Ketchup clouds, p.10
Ketchup Clouds, p.10Annabel Pitcher
Lauren stared right back, completely oblivious to Max’s presence. ‘In History you told me you were so hungry you’d eat your own nan if she was battered and came with a side order of chips and mushy peas.’ Max smiled as I looked mortified, but I swapped my salad for a plate of proper food on my tray.
For the rest of lunch I sat with Lauren in our form room as the radiators blasted hot dry heat. Doodling in our diaries, I filled her in about Max but not Aaron, making her laugh about the toilet roll and exaggerating the awkwardness with his mum in the hall. Max felt less personal somehow. More of a story. Aaron was too private to say out loud. The party and the bonfire and the car journey, all of it had happened under the cover of darkness so it was hard to expose, especially in a classroom with boys chucking a frisbee underneath the fluorescent strip lights. Lauren drew a house and I drew a smiley face and she drew a heart and I drew a wonky dog and cat, wrapping their tails together in a big bow.
‘Cute,’ Lauren yawned, tipping back her head with her mouth wide open, the frisbee flying out of nowhere to smack her on the nose.
Lauren stumbled into the nurse’s office as I waited outside, picking up a leaflet about teenage pregnancy. How To Tell Your Parents. That’s what I was reading when I heard a shuffling noise behind me. I spun round to see Max glance at the leaflet, his eyes widening in alarm even though we hadn’t come close to doing it.
‘I got a visit from this person called Gabriel. Bright. Big wings.’
Max looked puzzled then amused. ‘I don’t always get your jokes, but I like that you tell them.’
He collapsed on the floor with his leg outstretched, mud smeared all over his school shirt, his aftershave mixing with the smell of grass and rain. Three girls in the year below scuttled past as Max pulled down his sock, giggling and whispering and holding onto each other in this helpless sort of adoration. His foot was puffy so I touched it gently, glancing at the girls. Sure enough, their eyes turned into daggers and I liked the way the blades twinkled in my direction.
‘That feels good,’ Max murmured, so I did it again.
‘You don’t have my phone do you?’ I asked. ‘Did I leave it at yours?’

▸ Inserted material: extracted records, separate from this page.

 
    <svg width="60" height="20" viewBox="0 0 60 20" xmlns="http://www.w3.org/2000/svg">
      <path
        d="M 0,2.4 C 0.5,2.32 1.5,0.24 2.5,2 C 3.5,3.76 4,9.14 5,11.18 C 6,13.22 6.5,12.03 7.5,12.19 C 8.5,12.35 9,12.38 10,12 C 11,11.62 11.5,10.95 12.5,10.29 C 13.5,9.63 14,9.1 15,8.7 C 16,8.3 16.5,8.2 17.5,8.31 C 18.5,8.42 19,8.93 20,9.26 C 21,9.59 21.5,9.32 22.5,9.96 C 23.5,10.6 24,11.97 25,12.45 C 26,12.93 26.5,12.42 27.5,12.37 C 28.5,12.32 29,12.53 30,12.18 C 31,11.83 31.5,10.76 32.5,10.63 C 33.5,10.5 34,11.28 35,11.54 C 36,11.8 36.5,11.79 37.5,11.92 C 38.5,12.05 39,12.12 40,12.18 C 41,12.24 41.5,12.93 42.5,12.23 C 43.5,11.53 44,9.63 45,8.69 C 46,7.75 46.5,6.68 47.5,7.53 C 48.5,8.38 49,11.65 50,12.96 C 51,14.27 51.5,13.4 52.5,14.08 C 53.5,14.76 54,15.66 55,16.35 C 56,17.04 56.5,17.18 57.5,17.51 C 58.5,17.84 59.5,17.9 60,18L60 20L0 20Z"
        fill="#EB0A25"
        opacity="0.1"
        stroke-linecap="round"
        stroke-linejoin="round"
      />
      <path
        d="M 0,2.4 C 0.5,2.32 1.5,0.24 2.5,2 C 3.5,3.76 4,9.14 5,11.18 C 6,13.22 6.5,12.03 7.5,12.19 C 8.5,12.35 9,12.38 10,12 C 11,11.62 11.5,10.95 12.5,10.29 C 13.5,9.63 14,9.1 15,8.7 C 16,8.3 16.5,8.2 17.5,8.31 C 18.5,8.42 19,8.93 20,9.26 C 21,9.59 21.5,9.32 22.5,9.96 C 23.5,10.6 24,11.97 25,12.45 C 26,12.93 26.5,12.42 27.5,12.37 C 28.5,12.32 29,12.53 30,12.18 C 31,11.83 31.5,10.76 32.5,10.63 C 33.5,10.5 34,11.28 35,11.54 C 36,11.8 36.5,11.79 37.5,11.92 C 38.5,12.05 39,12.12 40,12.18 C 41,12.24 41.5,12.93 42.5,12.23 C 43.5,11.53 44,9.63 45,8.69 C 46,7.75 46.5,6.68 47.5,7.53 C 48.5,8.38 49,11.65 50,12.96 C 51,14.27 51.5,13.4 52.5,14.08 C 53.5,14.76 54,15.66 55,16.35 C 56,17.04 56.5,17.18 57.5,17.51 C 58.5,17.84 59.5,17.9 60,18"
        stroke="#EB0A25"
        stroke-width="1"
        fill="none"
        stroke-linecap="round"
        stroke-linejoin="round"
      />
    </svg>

Max shut his eyes and gritted his teeth. ‘Yeah. It’s in my locker. Meet me there after school?’ Nothing in his voice told me that his brother had found the phone and when I looked closely at his face, there was no bruising either.

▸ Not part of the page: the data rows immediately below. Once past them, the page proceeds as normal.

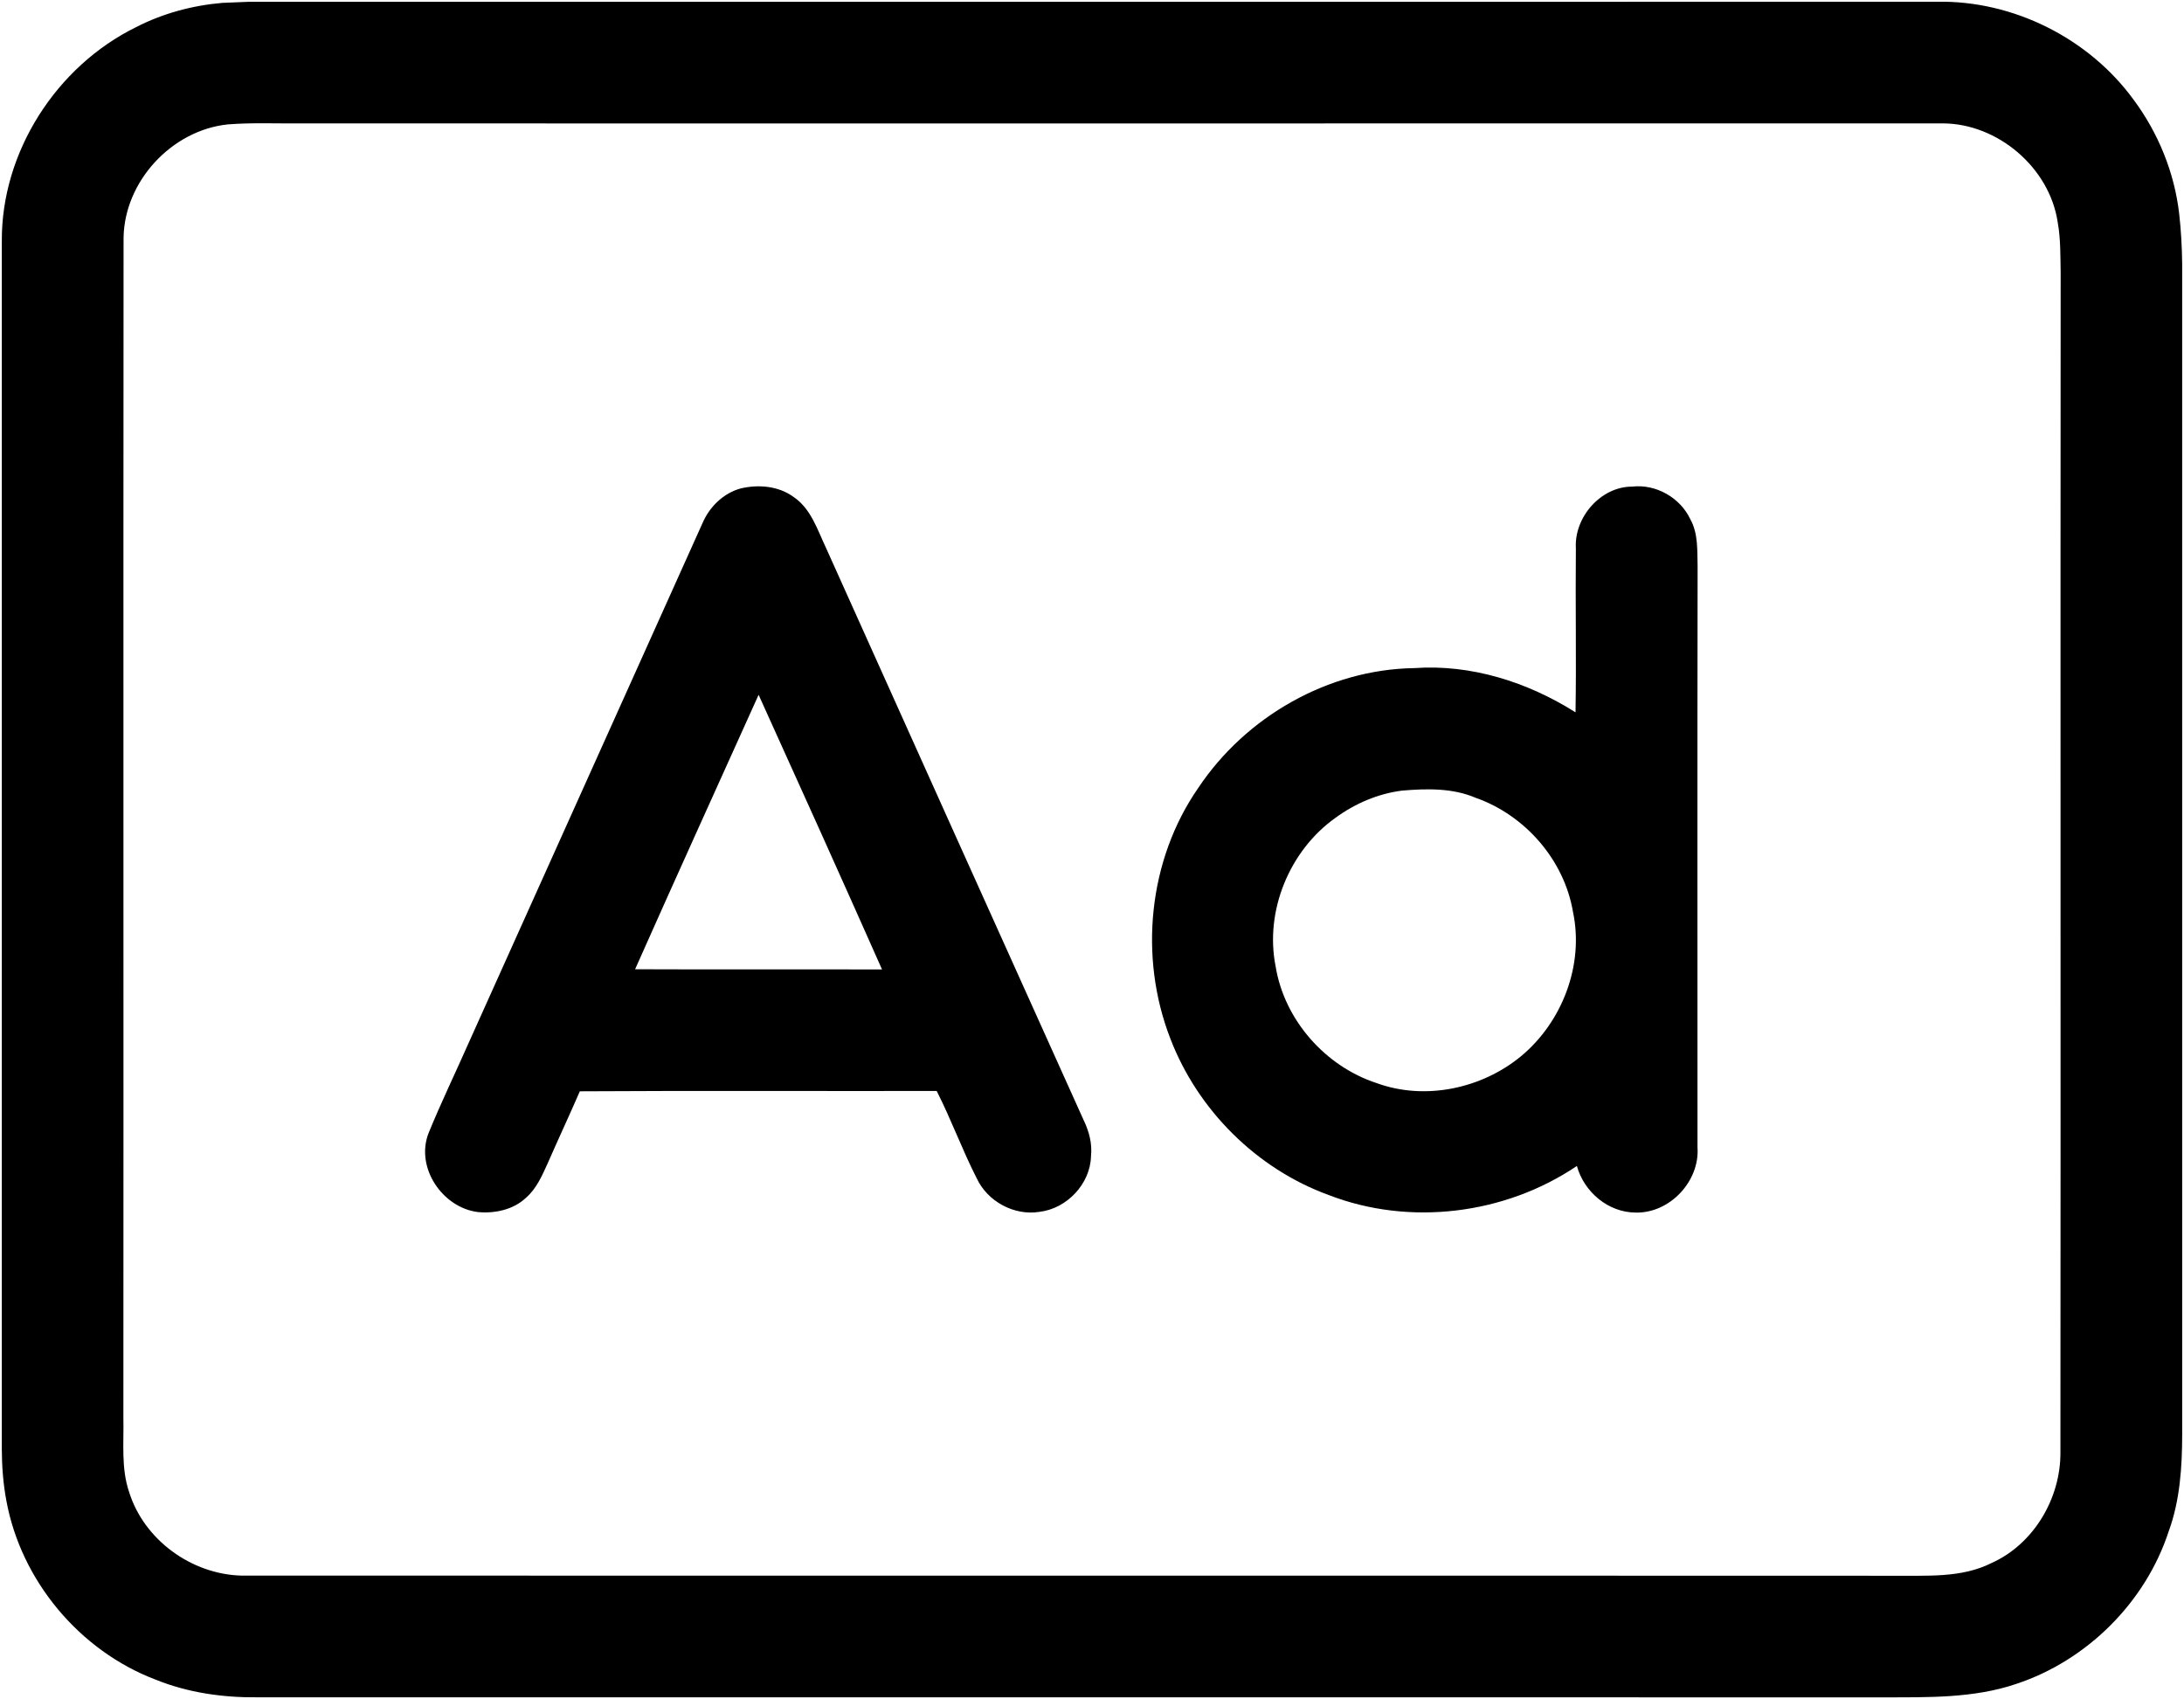 <?xml version="1.0" encoding="UTF-8" ?>
<!DOCTYPE svg PUBLIC "-//W3C//DTD SVG 1.1//EN" "http://www.w3.org/Graphics/SVG/1.1/DTD/svg11.dtd">
<svg width="1203pt" height="936pt" viewBox="0 0 1203 936" version="1.1" xmlns="http://www.w3.org/2000/svg">
<g id="#000000fd">
<path fill="#000000" opacity="1.00" d=" M 122.46 1.58 C 126.09 1.43 133.35 1.14 136.98 0.99 C 446.99 0.99 757.00 1.05 1067.01 0.96 C 1108.89 0.19 1150.47 21.02 1175.16 54.82 C 1188.78 73.12 1197.72 94.99 1200.34 117.68 C 1201.37 126.74 1201.86 135.86 1201.99 144.99 C 1202.01 359.99 1202.00 575.00 1202.00 790.01 C 1201.98 808.08 1200.82 826.54 1194.54 843.66 C 1181.79 882.67 1149.58 914.71 1110.66 927.60 C 1087.01 935.66 1061.63 934.96 1037.00 935.03 C 738.66 934.96 440.32 935.02 141.99 935.00 C 122.86 935.20 103.58 932.49 85.77 925.29 C 43.82 909.37 11.54 870.72 3.48 826.56 C 1.73 817.15 1.02 807.57 0.99 798.02 C 1.01 576.34 1.00 354.66 1.00 132.98 C 0.65 83.82 31.03 36.51 74.97 14.95 C 89.70 7.36 105.97 3.00 122.46 1.58 M 125.44 68.53 C 94.54 71.79 68.53 99.88 68.06 130.99 C 67.88 347.66 68.10 564.33 67.96 781.00 C 68.28 794.63 66.63 808.76 71.12 821.93 C 79.36 848.33 105.51 867.23 132.98 867.96 C 436.32 868.08 739.66 867.91 1043.00 868.04 C 1061.06 867.86 1080.33 869.43 1097.02 861.01 C 1120.29 850.58 1135.14 825.25 1134.93 800.00 C 1135.13 583.34 1134.87 366.66 1135.06 150.00 C 1134.89 140.80 1135.07 131.52 1133.43 122.43 C 1128.96 92.34 1100.35 68.00 1070.03 67.97 C 768.35 68.03 466.68 67.99 165.00 67.99 C 151.81 68.08 138.60 67.49 125.44 68.53 Z" />
<path fill="#000000" opacity="1.00" d=" M 408.07 269.05 C 417.87 266.76 428.91 267.70 437.20 273.82 C 446.82 280.35 450.28 291.97 455.06 301.98 C 502.34 407.02 549.51 512.10 596.91 617.08 C 599.89 623.26 601.70 630.00 600.95 636.94 C 600.57 652.18 587.65 665.80 572.59 667.57 C 558.59 669.85 543.90 661.83 537.97 649.03 C 529.96 633.33 523.95 616.70 515.95 600.99 C 450.43 601.11 384.91 600.77 319.39 601.17 C 313.63 614.41 307.52 627.49 301.73 640.72 C 298.64 647.55 295.56 654.71 289.79 659.76 C 282.83 666.40 272.55 668.59 263.21 667.69 C 243.62 665.24 228.62 643.04 236.11 624.09 C 242.98 607.27 250.92 590.91 258.25 574.28 C 301.14 478.84 344.14 383.44 387.04 287.99 C 390.89 279.07 398.59 271.60 408.07 269.05 M 349.83 533.93 C 395.17 534.13 440.51 533.90 485.85 534.05 C 463.42 483.52 440.69 433.11 417.86 382.75 C 395.15 433.12 372.26 483.43 349.83 533.93 Z" />
<path fill="#000000" opacity="1.00" d=" M 868.03 301.96 C 867.04 284.93 881.75 268.02 899.07 268.06 C 912.13 266.55 925.44 274.12 931.03 285.96 C 935.48 293.85 934.84 303.26 935.08 311.99 C 934.90 418.67 935.03 525.35 935.02 632.03 C 936.36 650.71 919.74 668.43 900.95 667.97 C 885.81 667.90 872.57 656.64 868.58 642.30 C 829.00 669.05 776.43 675.61 731.78 658.27 C 692.18 643.82 659.78 611.53 644.69 572.23 C 627.19 527.30 632.44 473.81 660.04 434.03 C 686.19 394.79 731.58 368.76 778.98 368.04 C 810.34 365.80 841.52 375.76 867.84 392.41 C 868.33 362.26 867.72 332.11 868.03 301.96 M 772.44 435.51 C 759.10 437.16 746.38 442.63 735.57 450.54 C 710.27 468.54 696.55 501.81 702.65 532.38 C 707.43 561.87 730.02 587.42 758.29 596.65 C 784.94 606.38 816.18 599.73 837.84 581.83 C 860.52 562.99 872.59 531.58 866.46 502.46 C 861.63 473.72 840.06 449.02 812.68 439.43 C 800.01 434.04 785.89 434.39 772.44 435.51 Z" />
</g>
</svg>

Of course I had absolutely no intention of kissing Max when the final bell rang, but I didn’t get much choice in the matter, like Stuart imagine a strong mouth attaching itself to yours and firm hands pushing your back against a wall, and now I come to think of it you may have experienced this already because unfortunately I’ve heard the rumours about what goes on in male prisons. Even as I tried to protest, Max’s lips clamped against mine and my words got lost in all our saliva, but I didn’t try very hard to find them again.
That night Mum and Dad had another argument that went on all week, in the kitchen and the lounge and the bathroom as Mum brushed her teeth so hard I thought she might knock them out. Dad wanted Mum to get a job and Mum was point blank refusing.
‘But the girls don’t need you as much now they’re older!’ Dad said for the twentieth time on Saturday morning, waking me up.
‘Look what happened to Dot!’ Mum replied, spitting out noisily in the sink. ‘I have to be at home!’
‘Who for, exactly?’
‘What’s that supposed to mean?’
‘The girls are at school, Jane. They don’t need you during the day so who are you staying here for, eh?’
The tap came on.
‘I’m a mum, aren’t I? It’s my job to stay at home!’
‘You can be a mum and work in an office. Part-time, especially. You don’t have to be here every second of the day. You used to juggle both things.’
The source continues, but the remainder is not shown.